Behavior Changes Caused by Introduction of New Methods

Addition of new methods still leaves open the possibility for potentially surprising behavior that might be counter to the expectations of the subclass. This is typical when new functionality is added to a superclass. (This is known as the fragile base class problem.) This applies to the addition of the sequencedX view methods mentioned above, the reversed method, and indeed any new method introduced into a superinterface or superclass.

These situations are covered in case 3 of the analysis, where an old library binary is used with a modified and enhanced application on a new JDK. Suppose for example that the MyLinkedHashMap subclass wants to provide customized behavior of preventing a certain key-value mapping from being removed. To do this, it would override a several mutator methods (including remove, computeIfPresent, etc.) to provide the customized behavior. The subclass would also need to override the view-providing methods and return implementations that also implement this customized behavior. However, the actual mappings would still be stored in the LinkedHashMap superclass fields.

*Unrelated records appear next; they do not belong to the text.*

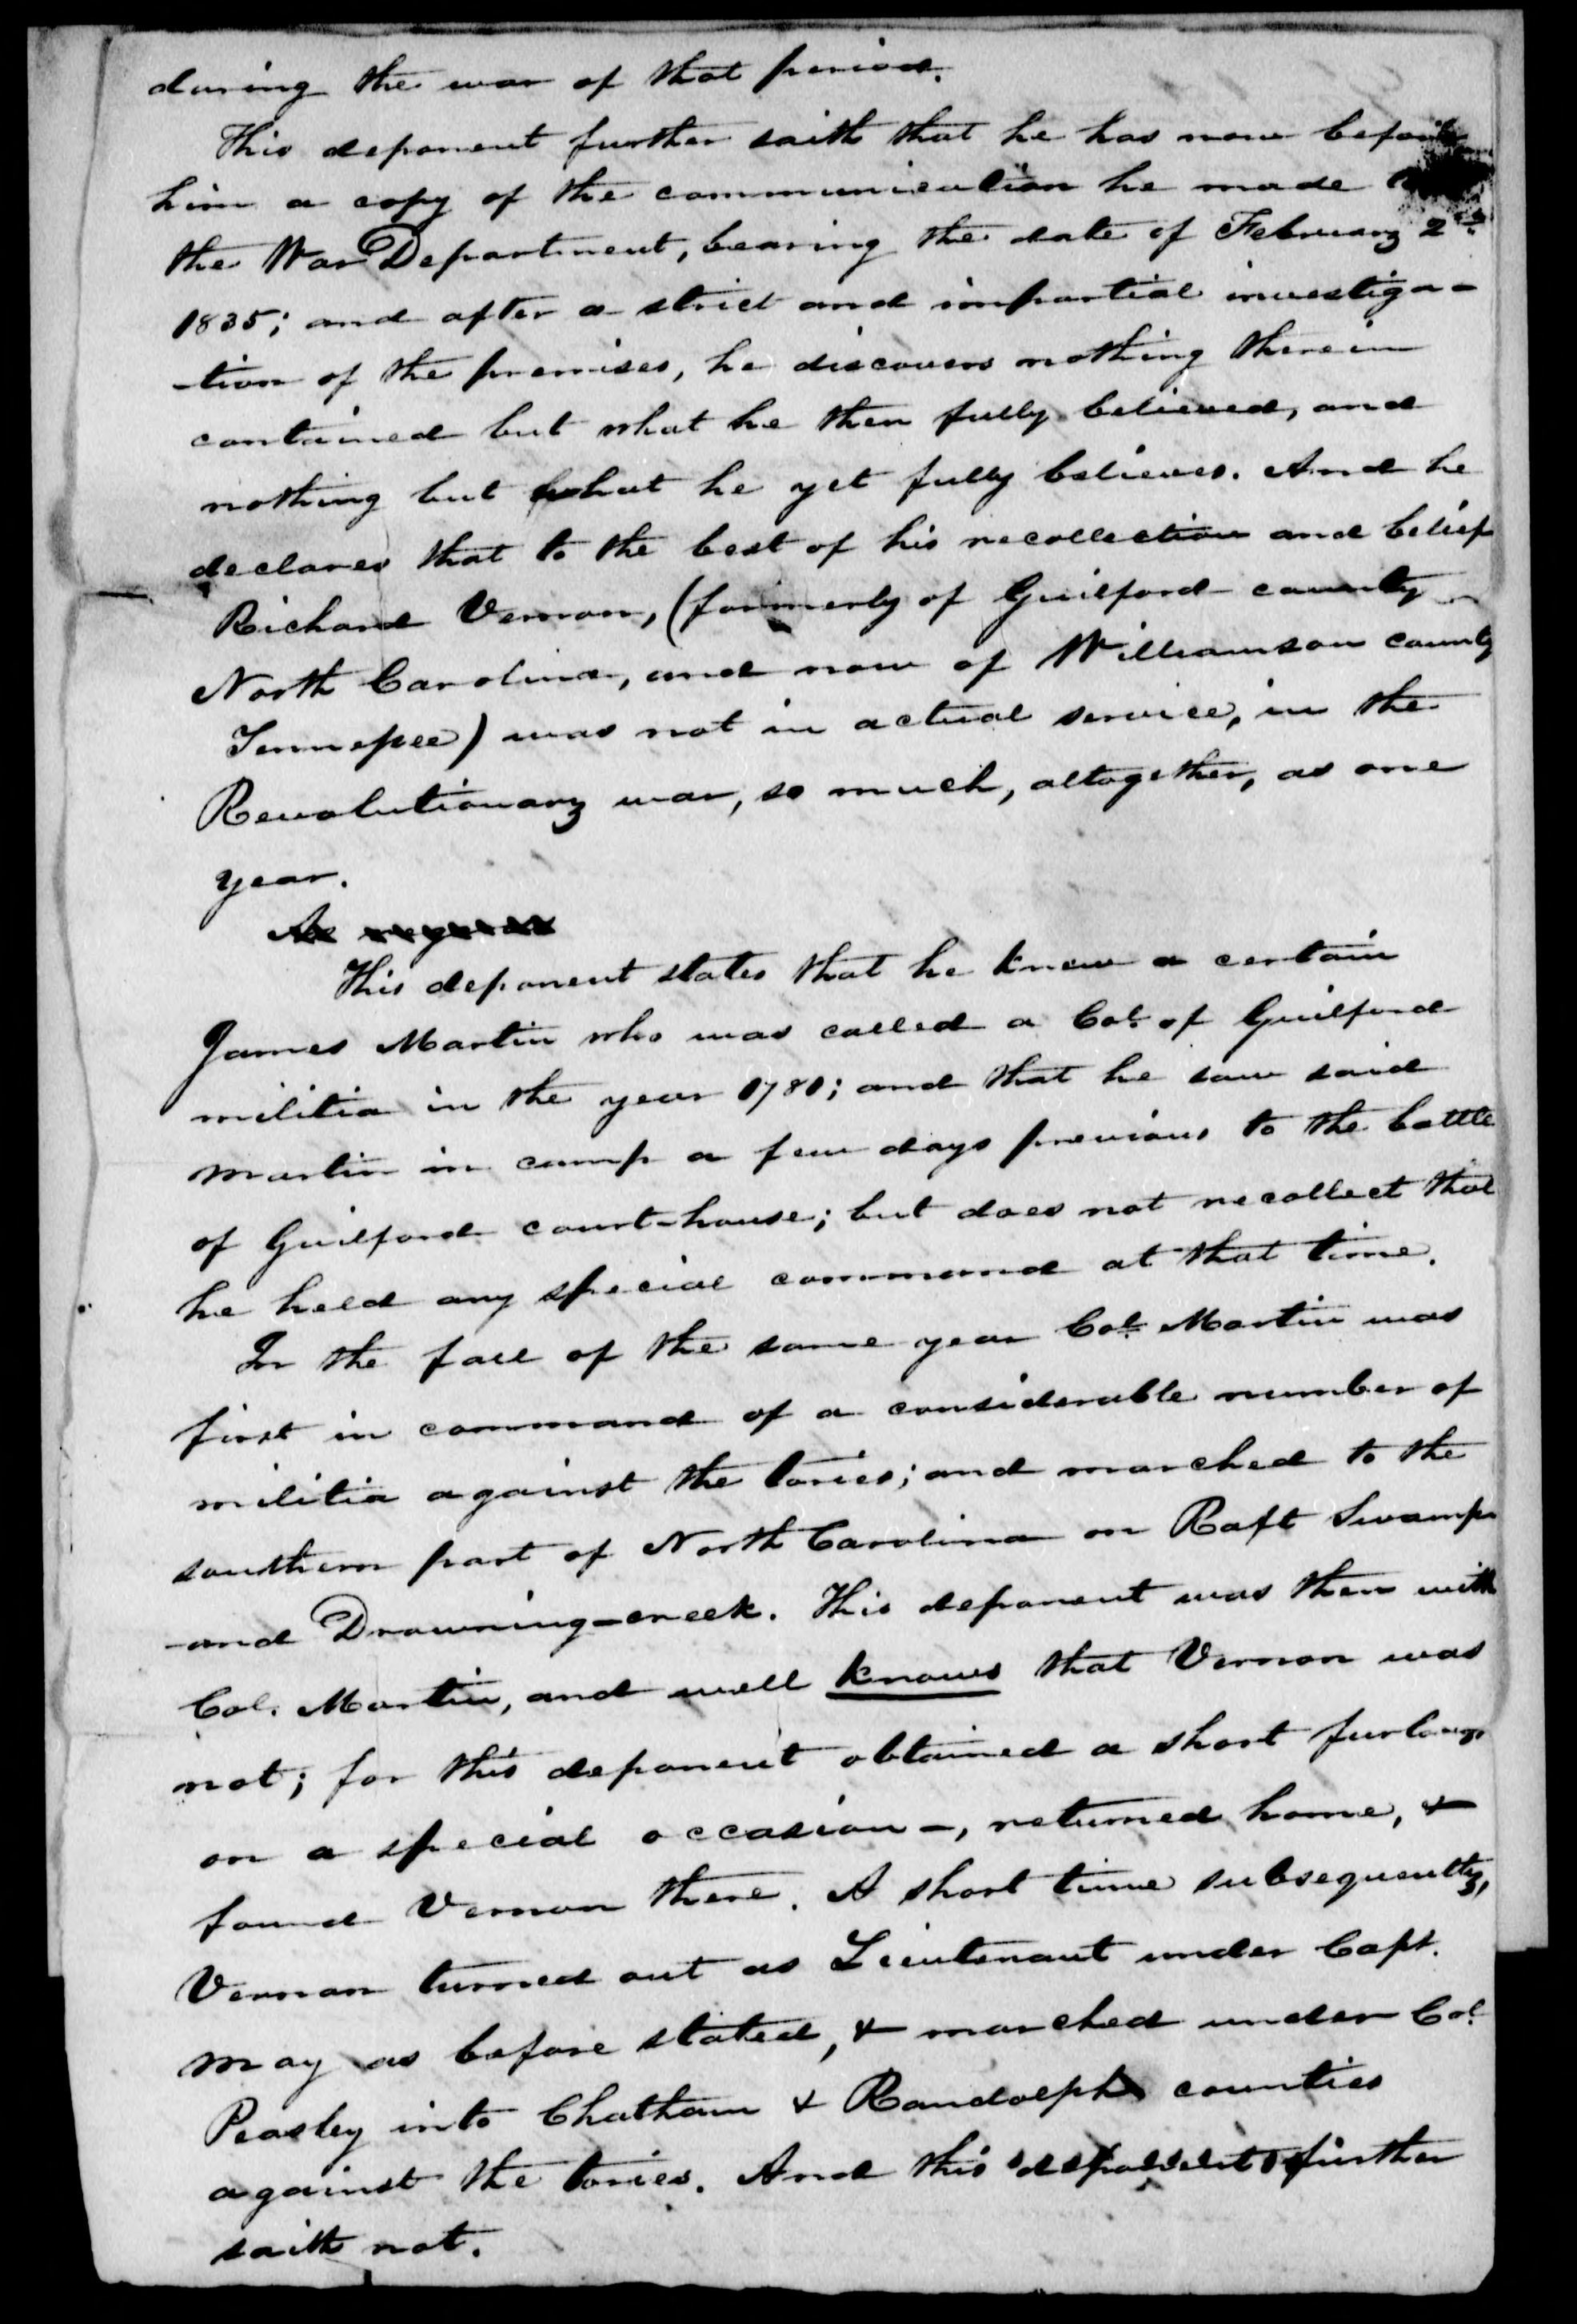during the war of that period.
This deponent further saith that he has now before him a copy of the communication he mad the Ware Department, bearing the date of February 2nd 1835; and after a strict and impartial investigation of the premises, he discusses nothing therein continued but what he then fully believed, and nothing but what he yet fully believes.  And he declares that to the best of his recollection and belief Richard Vernon, (formerly of Guilford county North Carolina, and now of Williamson county Tennessee) was not in actual service in the Revolutionary war, so much, altogether, as one year.
This deponent state that he knows a certain James Martin who was called a Col. of Guilford militia in the year 1780; and that he saw said Martin in camp a few days previous to the battle of Guilford court-house; but does not recollect that he held any special command at that time.
In the face of the same Col. Martin was first in command of a considerable number of militia against the Tories; and marched to the southern part of North Carolina on Raft Swamp and Drowning creek.  This deponent was there with Col. Martin, and well knows that Vernon was not; for this deponent obtained a short furlough on a special occasion, returned home, & found Vernon there. A short time subsequently Vernon turned out as Lieutenant under Capt. May as before stated, & marched under Col. Peasley into Chatham & Randolph counties against the Tories. And this deponent further

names: Martin, May, Vernon, Peasley, Richard Vernon, Vernon, Martin, Martin, James Martin, Vernon
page: 52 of 105
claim: survivor's
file: S. 1883, Richard Vernon, N.C.

Consider what would happen if the application were to do this:

    LinkedHashMap<K,V> lhm = new MyLinkedHashMap<>();
    var entry = lhm.pollFirstEntry();

Since this is an existing (old) library binary, there is no override of the pollFirstEntry method, so the LinkedHashMap implementation will be called. If the special key-value mapping happens to be the first entry, it will be removed.

This is perhaps unfortunate but is unavoidable in the design of this subclass, which attempts to modify the behavior of a superclass by overriding the right set of methods. If new methods are added to the superclass, they can bypass overrides that the subclass uses to enforce additional invariants.

A preferable design for modifying the behavior of concrete classes is to use composition instead of inheritance. (See Bloch, Effective Java, 3rd edition, (c) 2018 Pearson Education. Item 18: "Favor composition over inheritance.")

Nonetheless, the subclass-and-override technique does occur in practice, and it's likely that some breakage will result from this change. Similar issues (here is one example) did occur in Java 8 when the stream default method was introduced. There was a transition period where people fixed their libraries to be compatible with Java 8.

Introducing new methods into existing interfaces is not without risk. However, this sort of change has been made in the past, and in general most developers accept that the risks of doing so are acceptable.

Summary

The nine-case analysis technique has proven useful on several counts. Beyond the fairly obvious issues of source compatibility, the nine-case analysis showed some subtle issues with behavioral compatibility of adding covariant overrides in the presence of existing overrides. These were sufficiently severe to cause us to modify the design. In addition, the nine-case analysis showed that covariant overrides for newly introduced methods works well with existing binaries.

Corpus-based analysis is also helpful to assess compatibility issues. While a large number of incompatibility issues are possible, the corpus analysis shows that many of them either simply do not occur in practice or are quite rare. The corpus of course does not contain all Java source code in the world, but we believe it is a sufficiently representative sample to be able to extrapolate from it. An incompatibility that occurs only rarely in the corpus is also likely to be rare outside the corpus.

In an ecosystem as large as Java's, it is inevitable that some code somewhere will be broken by any change that is close to the core of the system. This analysis shows that incompatibilities should be fairly infrequent, and when they do occur, it is usually possible to mitigate them without undue effort. There is of course a judgment call to be made here; however, we believe that the current design provides sufficient value to outweigh the incompatibility issues that we have discovered.